**Instructions to follow**
From the entries below, transcribe exactly the lines between the line holding "#1580=CARTESIAN_POINT('',(0.0,0.0,0.0));" and the line holding "#1791=DIRECTION('',(0.0,1.0,0.0));", inclusive; skip all other lines.

(Extracted records)

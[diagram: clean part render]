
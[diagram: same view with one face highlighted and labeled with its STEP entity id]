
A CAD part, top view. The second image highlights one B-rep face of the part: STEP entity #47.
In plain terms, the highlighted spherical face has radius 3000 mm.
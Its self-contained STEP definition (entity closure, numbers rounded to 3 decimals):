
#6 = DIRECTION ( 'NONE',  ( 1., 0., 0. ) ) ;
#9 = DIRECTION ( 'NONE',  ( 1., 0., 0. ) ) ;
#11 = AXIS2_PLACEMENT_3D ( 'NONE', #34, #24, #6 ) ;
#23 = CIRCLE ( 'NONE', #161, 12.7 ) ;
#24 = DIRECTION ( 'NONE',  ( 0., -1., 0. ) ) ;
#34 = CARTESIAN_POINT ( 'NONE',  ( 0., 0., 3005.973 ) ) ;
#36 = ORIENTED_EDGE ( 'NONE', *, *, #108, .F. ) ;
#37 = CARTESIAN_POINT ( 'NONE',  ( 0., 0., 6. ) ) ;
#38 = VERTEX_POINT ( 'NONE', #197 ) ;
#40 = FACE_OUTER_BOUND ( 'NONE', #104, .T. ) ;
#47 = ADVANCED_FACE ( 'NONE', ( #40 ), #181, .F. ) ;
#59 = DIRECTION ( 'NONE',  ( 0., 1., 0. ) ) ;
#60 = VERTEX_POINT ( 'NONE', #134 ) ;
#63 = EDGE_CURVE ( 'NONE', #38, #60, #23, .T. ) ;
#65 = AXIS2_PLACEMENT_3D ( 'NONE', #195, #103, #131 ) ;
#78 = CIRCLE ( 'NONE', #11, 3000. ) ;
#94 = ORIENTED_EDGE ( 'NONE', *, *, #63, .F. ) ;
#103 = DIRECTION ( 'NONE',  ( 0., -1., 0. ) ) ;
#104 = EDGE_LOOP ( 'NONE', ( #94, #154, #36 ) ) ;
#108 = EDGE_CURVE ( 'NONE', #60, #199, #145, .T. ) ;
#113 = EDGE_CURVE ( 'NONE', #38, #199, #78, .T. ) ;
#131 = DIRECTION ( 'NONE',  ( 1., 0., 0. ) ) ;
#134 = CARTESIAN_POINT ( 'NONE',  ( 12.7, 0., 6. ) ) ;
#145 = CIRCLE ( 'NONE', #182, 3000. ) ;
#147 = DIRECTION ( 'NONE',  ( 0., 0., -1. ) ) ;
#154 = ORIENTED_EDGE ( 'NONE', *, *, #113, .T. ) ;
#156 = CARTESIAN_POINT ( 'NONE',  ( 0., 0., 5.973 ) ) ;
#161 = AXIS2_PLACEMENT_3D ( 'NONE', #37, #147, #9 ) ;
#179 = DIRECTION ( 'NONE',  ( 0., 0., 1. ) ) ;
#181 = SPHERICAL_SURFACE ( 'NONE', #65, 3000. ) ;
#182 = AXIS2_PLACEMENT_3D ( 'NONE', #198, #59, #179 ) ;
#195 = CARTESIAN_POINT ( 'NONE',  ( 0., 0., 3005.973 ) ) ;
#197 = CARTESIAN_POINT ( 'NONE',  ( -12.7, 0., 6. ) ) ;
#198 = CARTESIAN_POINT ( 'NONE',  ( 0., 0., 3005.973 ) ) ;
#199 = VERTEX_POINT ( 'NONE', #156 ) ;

(End Extracted records)
(Extracted records)

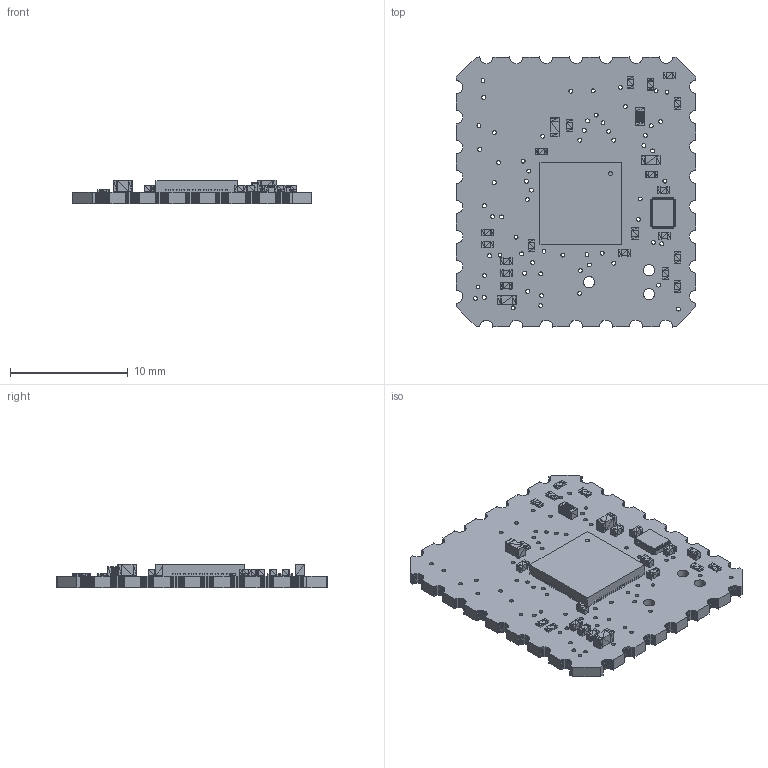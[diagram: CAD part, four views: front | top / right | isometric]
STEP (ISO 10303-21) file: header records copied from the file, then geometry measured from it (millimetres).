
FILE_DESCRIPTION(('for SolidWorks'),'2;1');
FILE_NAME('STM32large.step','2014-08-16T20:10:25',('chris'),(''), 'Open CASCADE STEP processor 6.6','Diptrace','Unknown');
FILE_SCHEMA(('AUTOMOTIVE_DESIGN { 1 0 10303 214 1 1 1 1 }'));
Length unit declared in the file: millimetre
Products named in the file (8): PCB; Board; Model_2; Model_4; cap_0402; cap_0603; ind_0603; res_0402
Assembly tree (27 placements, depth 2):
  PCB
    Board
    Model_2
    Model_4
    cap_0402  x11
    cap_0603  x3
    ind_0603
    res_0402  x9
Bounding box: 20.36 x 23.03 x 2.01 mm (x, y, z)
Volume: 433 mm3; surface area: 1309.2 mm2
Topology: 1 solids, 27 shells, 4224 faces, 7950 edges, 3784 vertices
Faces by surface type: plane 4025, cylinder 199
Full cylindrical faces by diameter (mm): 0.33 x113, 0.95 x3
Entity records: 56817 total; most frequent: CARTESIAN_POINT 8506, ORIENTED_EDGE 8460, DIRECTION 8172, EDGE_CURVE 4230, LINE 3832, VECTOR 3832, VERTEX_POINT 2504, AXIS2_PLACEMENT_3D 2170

(End Extracted records)
(Extracted records)

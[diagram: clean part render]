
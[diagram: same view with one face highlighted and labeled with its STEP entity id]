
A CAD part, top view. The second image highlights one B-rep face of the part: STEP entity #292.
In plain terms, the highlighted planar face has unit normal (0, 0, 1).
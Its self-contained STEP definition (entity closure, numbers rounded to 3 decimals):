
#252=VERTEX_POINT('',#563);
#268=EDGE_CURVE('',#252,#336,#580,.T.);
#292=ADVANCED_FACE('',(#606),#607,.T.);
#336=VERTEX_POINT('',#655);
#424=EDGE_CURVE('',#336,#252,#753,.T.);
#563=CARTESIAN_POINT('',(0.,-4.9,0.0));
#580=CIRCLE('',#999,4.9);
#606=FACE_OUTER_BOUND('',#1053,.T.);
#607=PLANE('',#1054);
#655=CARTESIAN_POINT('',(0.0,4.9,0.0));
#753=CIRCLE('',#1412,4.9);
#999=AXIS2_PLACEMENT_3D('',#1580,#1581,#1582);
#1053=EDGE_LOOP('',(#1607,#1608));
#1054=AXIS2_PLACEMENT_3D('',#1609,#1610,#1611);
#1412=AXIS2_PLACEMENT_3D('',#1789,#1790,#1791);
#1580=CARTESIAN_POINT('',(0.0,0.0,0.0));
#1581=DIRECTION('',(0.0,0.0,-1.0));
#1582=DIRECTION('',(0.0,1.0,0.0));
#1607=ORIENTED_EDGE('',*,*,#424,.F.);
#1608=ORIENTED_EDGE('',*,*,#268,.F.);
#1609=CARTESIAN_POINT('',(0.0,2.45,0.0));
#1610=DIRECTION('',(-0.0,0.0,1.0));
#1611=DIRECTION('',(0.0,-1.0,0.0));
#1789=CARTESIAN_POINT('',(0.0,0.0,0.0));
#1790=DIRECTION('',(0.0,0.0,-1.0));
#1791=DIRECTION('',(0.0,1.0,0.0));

(End Extracted records)

**Completed task**
#1580=CARTESIAN_POINT('',(0.0,0.0,0.0));
#1581=DIRECTION('',(0.0,0.0,-1.0));
#1582=DIRECTION('',(0.0,1.0,0.0));
#1607=ORIENTED_EDGE('',*,*,#424,.F.);
#1608=ORIENTED_EDGE('',*,*,#268,.F.);
#1609=CARTESIAN_POINT('',(0.0,2.45,0.0));
#1610=DIRECTION('',(-0.0,0.0,1.0));
#1611=DIRECTION('',(0.0,-1.0,0.0));
#1789=CARTESIAN_POINT('',(0.0,0.0,0.0));
#1790=DIRECTION('',(0.0,0.0,-1.0));
#1791=DIRECTION('',(0.0,1.0,0.0));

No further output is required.